Data entries:
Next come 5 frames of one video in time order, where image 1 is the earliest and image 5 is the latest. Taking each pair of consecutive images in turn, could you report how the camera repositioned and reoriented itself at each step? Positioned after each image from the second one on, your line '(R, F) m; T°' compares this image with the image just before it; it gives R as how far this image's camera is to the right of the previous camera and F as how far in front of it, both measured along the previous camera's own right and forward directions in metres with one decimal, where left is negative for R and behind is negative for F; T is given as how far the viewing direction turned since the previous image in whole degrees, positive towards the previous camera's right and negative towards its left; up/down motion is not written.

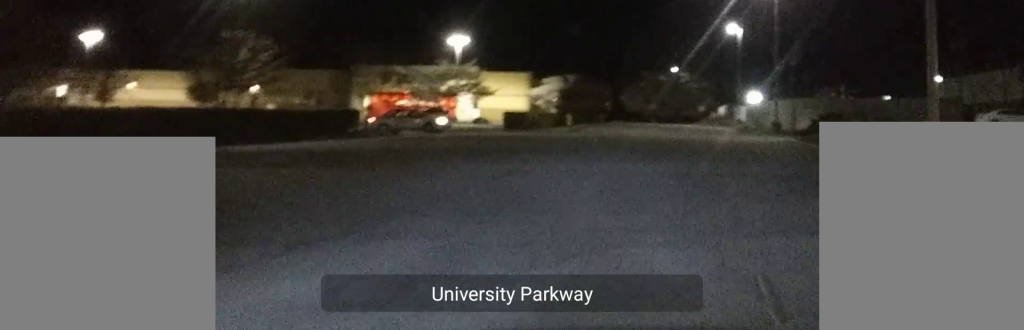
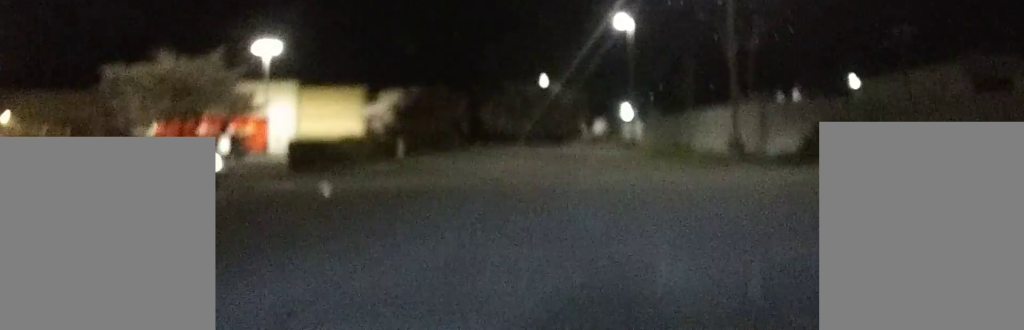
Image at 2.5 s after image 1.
(+2.7, +21.5) m; +10°
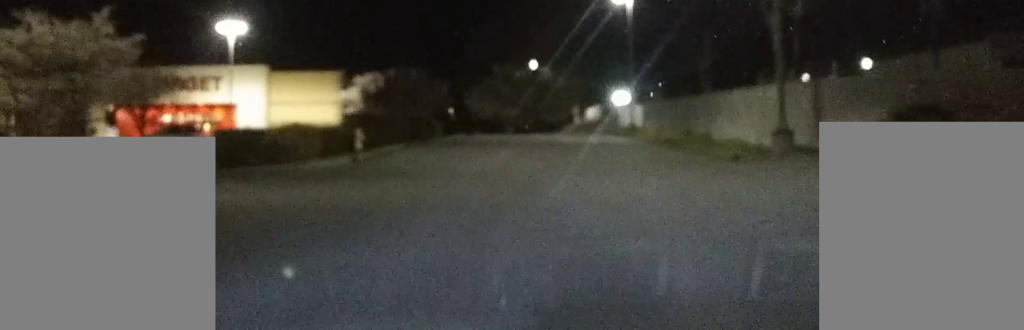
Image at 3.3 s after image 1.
(+0.1, +8.5) m; +1°
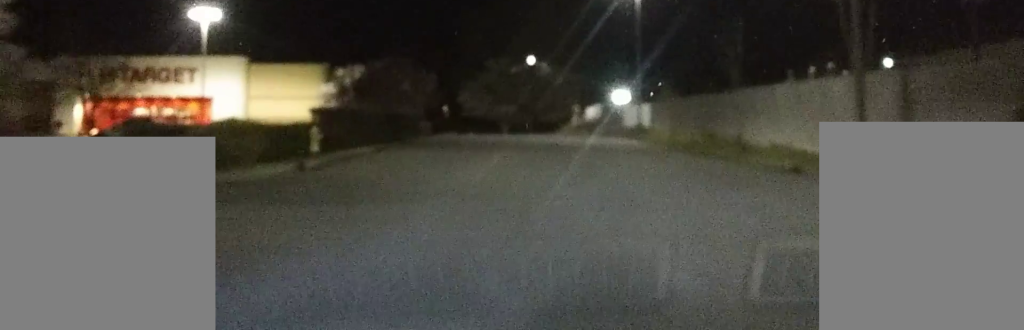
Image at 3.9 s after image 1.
(0.0, +6.5) m; 0°
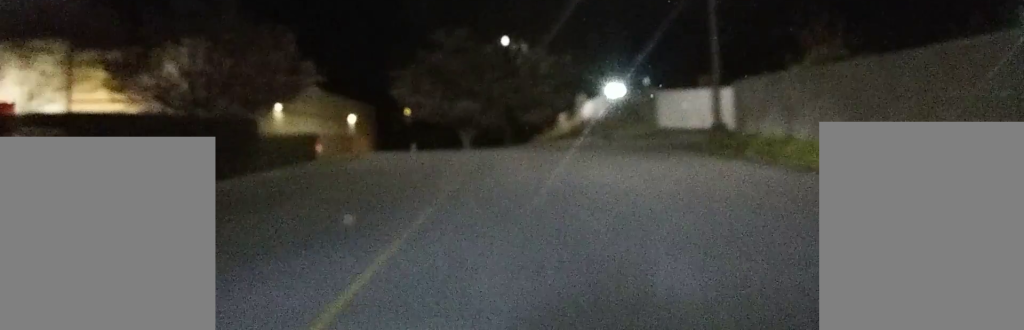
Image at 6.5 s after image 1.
(-0.1, +33.2) m; -2°

AIM OF THE EXERCISE: When you transcribe the entries above, keep every word exact and leave out the pictures.

RESPONSE TO THIS EXERCISE:
Next come 5 frames of one video in time order, where image 1 is the earliest and image 5 is the latest. Taking each pair of consecutive images in turn, could you report how the camera repositioned and reoriented itself at each step? Positioned after each image from the second one on, your line '(R, F) m; T°' compares this image with the image just before it; it gives R as how far this image's camera is to the right of the previous camera and F as how far in front of it, both measured along the previous camera's own right and forward directions in metres with one decimal, where left is negative for R and behind is negative for F; T is given as how far the viewing direction turned since the previous image in whole degrees, positive towards the previous camera's right and negative towards its left; up/down motion is not written.

Image at 2.5 s after image 1.
(+2.7, +21.5) m; +10°
Image at 3.3 s after image 1.
(+0.1, +8.5) m; +1°
Image at 3.9 s after image 1.
(0.0, +6.5) m; 0°
Image at 6.5 s after image 1.
(-0.1, +33.2) m; -2°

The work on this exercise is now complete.